Zombie Apocalypse List

We’ve all grown up watching zombie films, from old black and whites to ‘Resident Evil’ to ‘The Walking Dead’, but people seem to believe that zombies may very well exist today, and that the CDC is covering it up. Creepy right? But everyone loves a good conspiracy.

Everyone may have heard by now of the ‘Miami Zombie’ attack back in May, where a man, Rudy Eugene, attacked a man, and proceeded to eat away large sections of the homeless man’s face. The responding police officer shot Rudy, and instead of going down, as any normal human would, Rudy turned to the police officer and growled, snapping his teeth like a rabid dog. The gunshots didn’t seem to phase him, and he was unnaturally strong, but soon succumbed after additional gunshots. The explanation? A variant of LSD “Bath Salts”, which is made from a three drug cocktail and causes hallucinations, psychosis, violence, and an immunity to pain.

But what has our every-day zombie conspirators in an uproar are the strange events that happened before, and after, this incident. Separately these incidents have no relevant pattern or meaning, but strung together they create the Zombie Apocalypse Theory. This Zombie Apocalypse list of attacks is still growing for 2012, please let us know if you know of other incidents in the comments.

Zombie Rash in Hollywood Florida May 16, 2012

15 Students and 2 teachers at McArthur High School in Hollywood, FL broke out in mysterious rashes. “Their arms and abdomens are covered in rashes,” says Fire-Rescue Division Chief Mark Steele as he spoke to the Miami Herald, “It happened pretty quickly, so we believe that this is something that’s very acute.”

What frightened people most was when the school was evacuated and a HazMat team came in to investigate.
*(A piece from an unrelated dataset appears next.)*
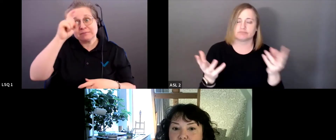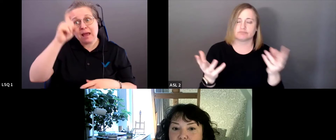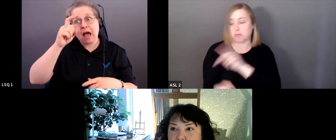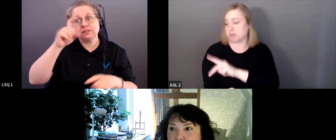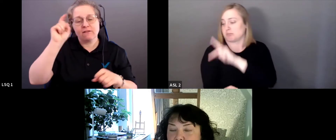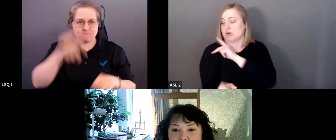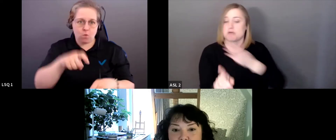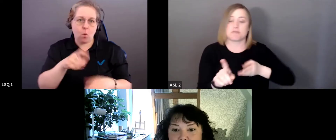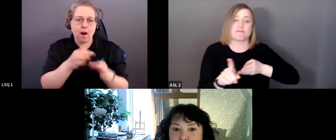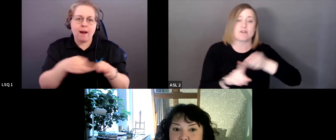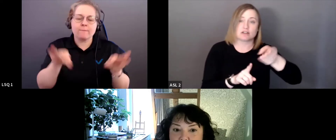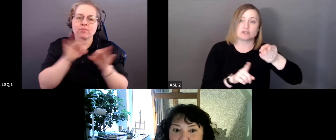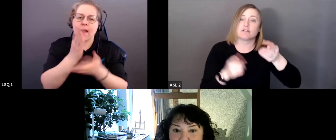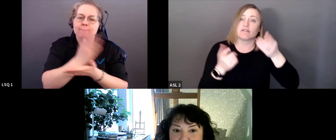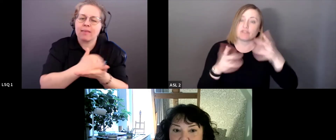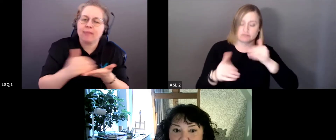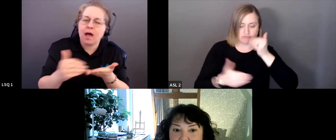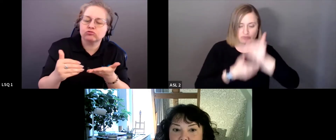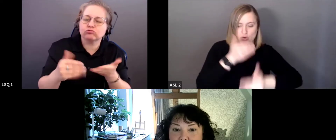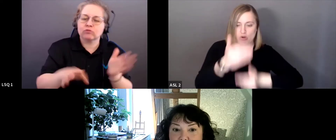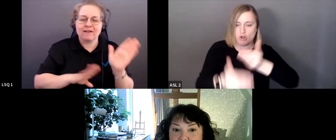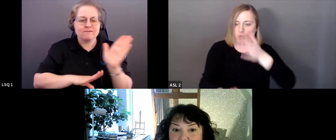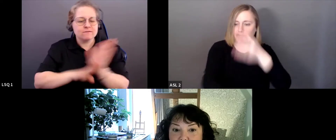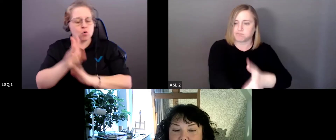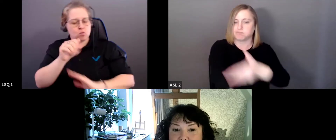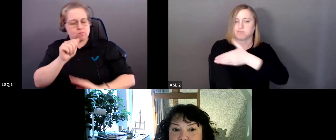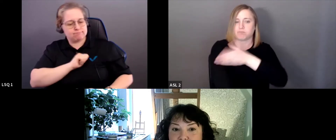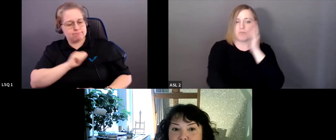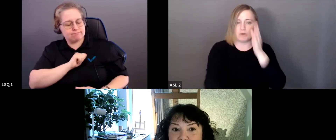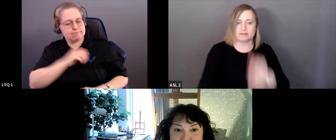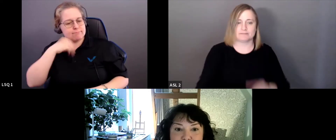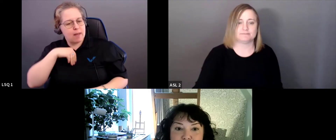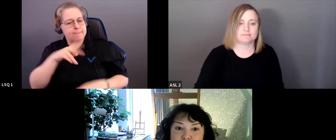ainsi que notre croissance personnelle et professionnelle.

The students and teachers who were exposed were reportedly in a reading room, where no chemicals of any kind should have been. It began when a majority of a class of 21 students, walking from one classroom to the reading room, started developing itchy rashes and hives. The Florida Public Health and Medical Department arrived along with the Fire Department, and showered those affected in an area set up outside the school before being transported on a plastic lined school bus to Memorial Regional Hospital. After a time in the hospital, it was reported that the itchy rashes were the only symptom, and that everyone was stable. What caused the rash remains a mystery, and it was reported that the HazMat did not find anything suspicious and gave the all-clear.

May 18, 2012

An unknown chemical exposure shut down a terminal at the Fort Lauderdale-Hollywood International Airport. The chemical is still unknown, but a spokesman from the airport says that it appeared to be an aerosol can that discharged in someones luggage. It sent five people to the hospital with reparatory complaints. Officials say that more than 1,000 passengers and 14 flights were delayed because of it. Enough for a zombie theory? Not really, but its on the list.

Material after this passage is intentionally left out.